I often find that students do not know why 10 raised to the zero power equals one, i.e., 10^0=1. Frequently they are either completely at a loss or tell me that a teacher told them that it is just defined that way.

After all, we all know that ten squared means multiply 10 by itself two times to get 100, 10^3 means multiply ten by itself three times to get 1000, etc.

How can one multiply 10 by itself zero times and get 1 ??? Think about it! The answer follows below!

Why is 10^0 = 1?

As stated above, the meaning of ten to a positive power is easy to understand, e.g., 10^5 = 10x10x10x10x10 = 100,000. But how can one multiply ten by itself zero times and get 1 ?? We will get to the answer to this question by reversing the process and looking at division!

If I divide 100,000 by 1,000 I get 100 or, using exponents, 10^5 / 10^3 = 10^2 = 10^(5-3). Note that when we divide we subtract the exponents. This is because we have 5 tens in the numerator and three in the denominator, and the three in the denominator “cancel” (i.e., divide to a result of 1) three of the 5 tens in the numerator, leaving only 2 tens (or 10^2) in the numerator.

What happens if we divide 1000 by 1000? We clearly get 1 for the answer, but if we do this using exponents we get 10^3 / 10^3 = 10^(3-3) = 10^0 = 1! In effect, there are zero tens present in the answer, but a one remains after the division, not a zero!
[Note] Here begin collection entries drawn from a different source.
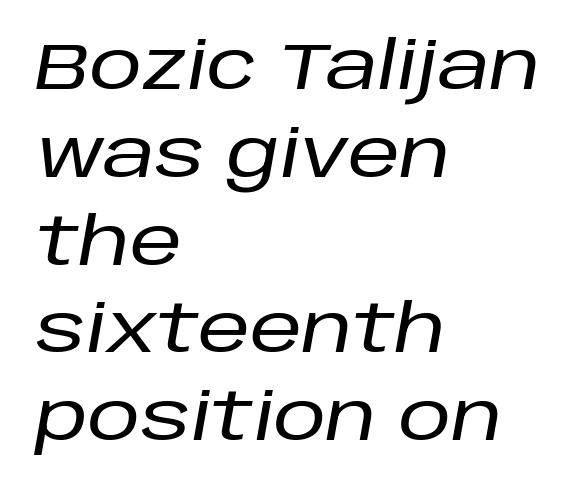
The compositor pushed each line to the left boundary. Is there much room between lines? A standard amount, neither cramped nor airy. Descenders are the only things crossing below the line. Rendered with sloped, italic letterforms. Inter-character spacing is left at the font's built-in metrics. The letters advance in unequal steps, a hallmark of proportional type.
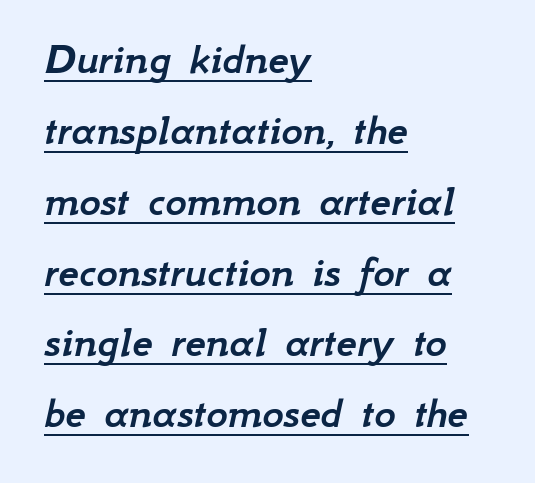
Q: Is the text italic (slanted)? A: Yes, it leans right by about 12 degrees.
Q: Is the text underlined? A: Yes.
Q: How is the paragraph aligned? A: Left-aligned.
Q: Is the spacing between letters normal or unusually wide? A: Normal.
Q: Is the spacing between lines tight, normal or loose? A: Normal.
Q: Width (condensed, normal, or wide)? A: Normal.
Q: Stroke contrast? A: Low.
Q: x-height? A: Small.
Q: Monospaced? A: No.
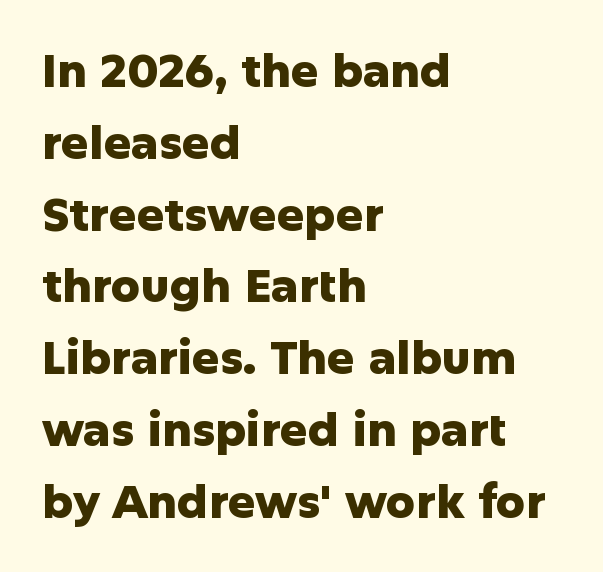
The rendering uses natural spacing where letterforms have individual widths. Every letter is thick-stroked: bold, no question. All the whitespace from short lines collects on the right. The typeface chosen for these lines omits serifs. The strip under each line holds only bare page. There is no visible air inserted between adjacent glyphs.
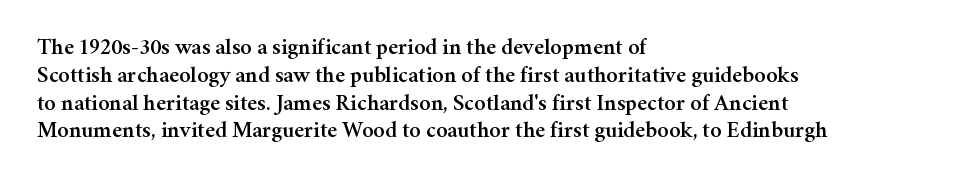
The image shows 23 px text type, upright; set left-aligned, line spacing 1.21x, normal letter spacing, not underlined.
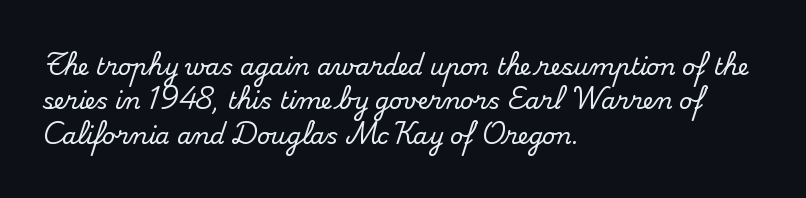
The specimen omits any rule beneath the text block's lines. The line-height multiplier appears to be the usual default. The letters sit at their default tracking, neither squeezed nor spread.
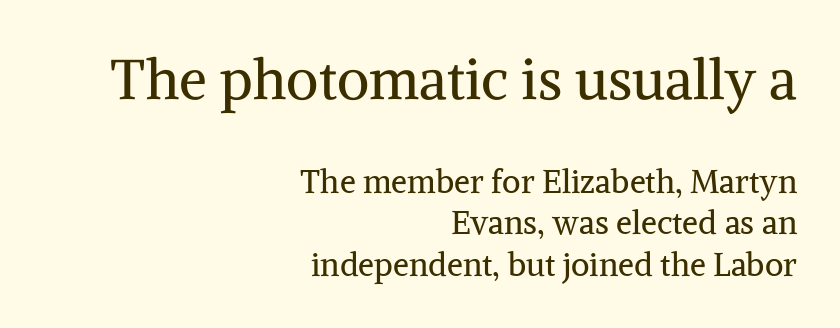
This rendering features lettering with no underline. The letters stand upright; this is a roman face. A typesetter would call this proportional, since set widths differ per character. A typesetter would call this leading conventional body-copy spacing. Letter spacing: default.
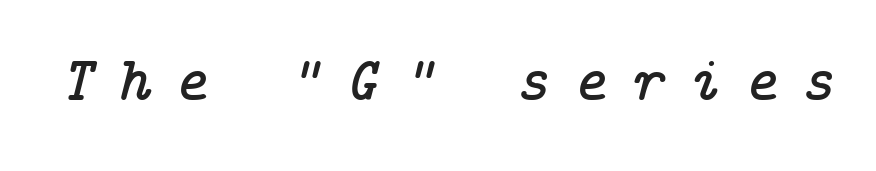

In the following table the pattern is clear, and not only explains why 10^0 is 1, but also explains the meaning of negative exponents. **Note from each row to the next we divide by 10 or 10^1 on both sides of the equation.** On the left side when dividing by 10^1 we subtract the exponents, e.g. 10^4/10^1=10^(4-1)=10^3:

10^4 = 10000

10^3 = 1000

10^2 = 100

10^1 = 10

10^0 = 1

10^(-1) = 1/10 = 1/(10^1)

10^(-2) = 1/100 = 1/(10^2)

10^(-3) = 1/1000 = 1/(10^3)

etc.

In general 10^(-n) = 1/(10^n)

Finally, as long as we are on the mysteries of exponents, what is the meaning of a fractional exponent, e.g. 4^(1/2)?

Note that 4^(1/2) times 4^(1/2) = 4^((1/2)+(1/2)), because we add exponents when multiplying the same base (4 in this case). Clearly 4^(1/2) times 4^(1/2) = 4^1 = 4.

This means that if we multiply 4^(1/2) by itself we get 4. **That is the meaning of a square root!** 2 is the square root of 4 because if you multiply 2 times itself you get 4. Similarly 9^(1/2) * 9^(1/2) = 9^1 = 9 so 9^(1/2) is the square root of 9 or 3.

By similar logic 8^(1/3) * 8^(1/3) * 8^(1/3) = 8^(1/3 + 1/3 + 1/3) = 8 ^ 1 = 8. If you multiply 8^(1/3) by itself three times you get 8, so 8^(1/3) is the cube (third) root of 8 which is 2. 2*2*2=8.

By similar logic 10000^(1/4) is the fourth root of ten thousand which is 10.

Sadly when I talk about this with many high school students in precalculus and sometimes higher math, I often come away with the impression that the above explanation is completely new to them…

**PS – this leaves us with another tantalizing puzzle.**

Is it possible to have an irrational exponent like the number pi??

Does 2 ^ pi mean anything??

If pi was equal to 22/7, which I believe was decreed by law in the state of Indiana at one time, then 2^pi = 2^(22/7) = seventh root of 2^22.

This is an operation we could carry out on a calculator, but pi is a never ending decimal with no pattern and cannot be expressed as a fraction.

“Irrational” numbers are called irrational, not because they are crazy, but because they can not be expressed as ratios, i.e., fractions!

Is it even possible to compute 2 ^ pi ???

I’ll let you look that one up if you are interested!